[Start of Attachment]

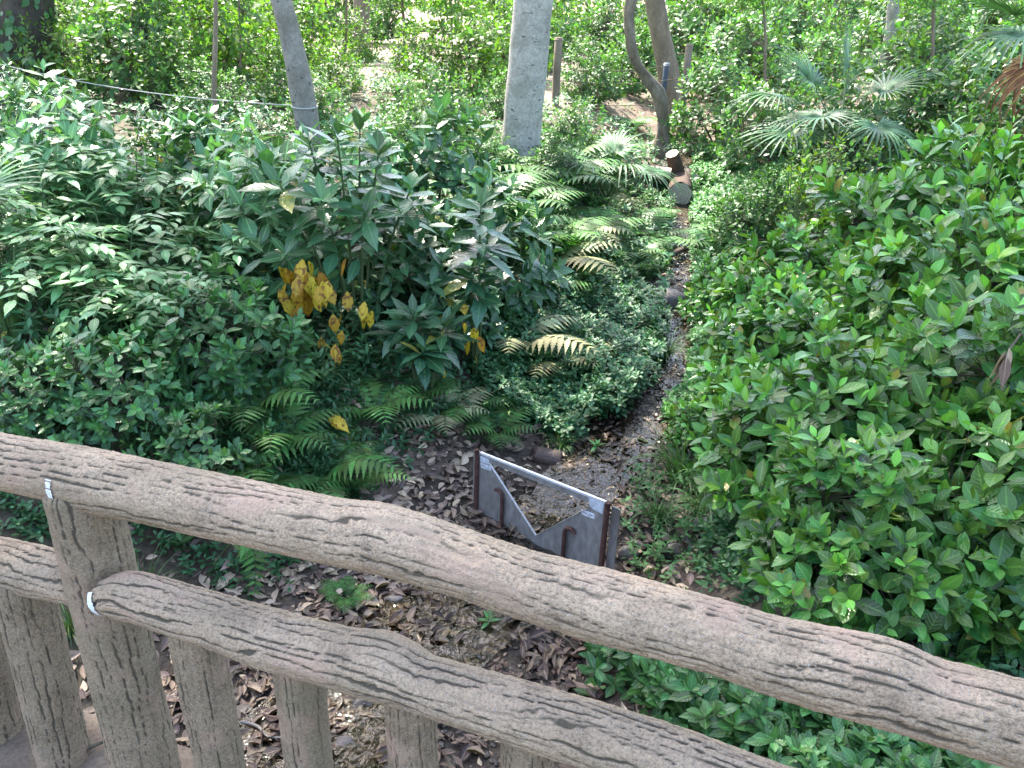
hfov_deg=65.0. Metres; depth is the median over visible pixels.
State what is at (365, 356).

[End of Attachment]
[Start of Attachment]

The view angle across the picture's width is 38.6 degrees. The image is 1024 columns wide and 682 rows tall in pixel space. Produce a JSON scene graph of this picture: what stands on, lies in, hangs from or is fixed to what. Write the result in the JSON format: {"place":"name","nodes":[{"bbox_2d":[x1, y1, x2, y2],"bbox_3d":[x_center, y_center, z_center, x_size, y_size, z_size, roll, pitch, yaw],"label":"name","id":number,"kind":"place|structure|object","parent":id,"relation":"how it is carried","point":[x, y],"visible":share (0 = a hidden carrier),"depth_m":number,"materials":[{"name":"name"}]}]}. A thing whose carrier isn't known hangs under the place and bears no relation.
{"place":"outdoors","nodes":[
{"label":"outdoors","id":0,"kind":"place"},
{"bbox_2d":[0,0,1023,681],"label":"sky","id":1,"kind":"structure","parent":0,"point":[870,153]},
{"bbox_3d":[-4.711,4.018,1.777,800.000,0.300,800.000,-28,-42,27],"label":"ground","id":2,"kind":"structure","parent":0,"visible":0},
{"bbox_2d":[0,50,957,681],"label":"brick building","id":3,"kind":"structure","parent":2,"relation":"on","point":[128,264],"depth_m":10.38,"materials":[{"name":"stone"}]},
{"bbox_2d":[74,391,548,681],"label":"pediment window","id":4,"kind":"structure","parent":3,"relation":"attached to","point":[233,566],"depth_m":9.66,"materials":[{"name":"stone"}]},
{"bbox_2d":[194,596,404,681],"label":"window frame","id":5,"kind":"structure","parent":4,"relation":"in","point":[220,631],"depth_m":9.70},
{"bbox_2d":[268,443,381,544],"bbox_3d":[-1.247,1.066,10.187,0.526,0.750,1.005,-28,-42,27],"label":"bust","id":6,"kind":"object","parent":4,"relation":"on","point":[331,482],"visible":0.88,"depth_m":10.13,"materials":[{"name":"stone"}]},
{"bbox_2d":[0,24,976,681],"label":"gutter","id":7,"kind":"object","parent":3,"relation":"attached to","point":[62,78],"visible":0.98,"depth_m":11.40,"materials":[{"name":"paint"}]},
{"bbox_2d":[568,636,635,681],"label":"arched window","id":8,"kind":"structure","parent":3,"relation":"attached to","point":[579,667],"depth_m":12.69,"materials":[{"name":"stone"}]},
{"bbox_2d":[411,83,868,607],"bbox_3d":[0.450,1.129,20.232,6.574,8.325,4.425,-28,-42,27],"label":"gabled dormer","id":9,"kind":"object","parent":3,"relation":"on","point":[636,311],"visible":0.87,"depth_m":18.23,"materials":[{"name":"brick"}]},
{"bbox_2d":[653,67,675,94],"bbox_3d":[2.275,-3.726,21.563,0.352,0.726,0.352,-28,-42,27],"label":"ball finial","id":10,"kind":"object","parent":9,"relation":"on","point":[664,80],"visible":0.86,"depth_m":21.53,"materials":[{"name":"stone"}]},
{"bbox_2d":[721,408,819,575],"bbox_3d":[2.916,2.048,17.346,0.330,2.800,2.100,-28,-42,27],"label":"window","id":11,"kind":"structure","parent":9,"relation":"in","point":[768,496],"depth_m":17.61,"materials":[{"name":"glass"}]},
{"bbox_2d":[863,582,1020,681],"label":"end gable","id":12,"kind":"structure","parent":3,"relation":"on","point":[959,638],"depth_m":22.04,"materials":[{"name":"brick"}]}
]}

[End of Attachment]

In the listing above, transcribe exactly everything from the line containing "hfov_deg=65.0. Metres; depth" down to the line containing "State what is at (365, 356).", including both and nothing more.

hfov_deg=65.0. Metres; depth is the median over visible pixels.
State what is at (365, 356).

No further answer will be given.